LAS VEGAS - Nevada workers are among the thousands of low-wage employees gathering today for the first-ever national Fight for $15 conference in Richmond, Virginia. Nevada's minimum wage is $7.25 an hour for jobs that offer health insurance, and $8.25 an hour without it.

Roxana Giron is a a home-health worker and single mom with four daughters, two of whom have disabilities. She said she works 68 hours a week as a home-health aide, with no overtime or holiday pay, for $10 an hour. So, she's working with SEIU to form a union, and said she's at the national conference to advocate for better treatment.

"Working all these hours is killing me, because I'm so tired," she said. "And I wish to work only 40 hours a week. And I don't think it's fair, working so hard for so little money."

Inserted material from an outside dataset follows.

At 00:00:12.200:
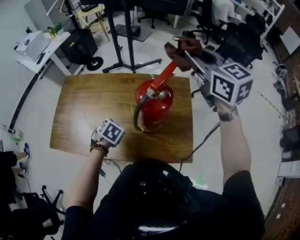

Home health-care workers were exempt from minimum-wage and overtime laws until last month, when an Obama administration rule went into effect. Working more than eight hours a day or 40 hours a week without overtime pay is illegal in Nevada. Last year, a bill to allow up to 12 hours a day without overtime failed in the state legislature.

Jose Macias, whose father works for McDonald's, is an organizer with the Fight for $15 campaign in Las Vegas. He said he's inspired by the stories he's hearing from other workers at the conference.

"This issue is really important, because it's not fair that people that are working for corporations that make millions of dollars on the workers' back, are having poverty wages," he said.

A ballot initiative
to raise the minimum wage in Nevada to $13 an hour by 2024 was pulled by its backers this spring, who said the timing wasn't right.

Nevada State Sen. Tick Segerblom sponsored a proposal to amend the Constitution and raise the minimum wage to $15 last session, but it failed. He is expected to reintroduce it in 2017.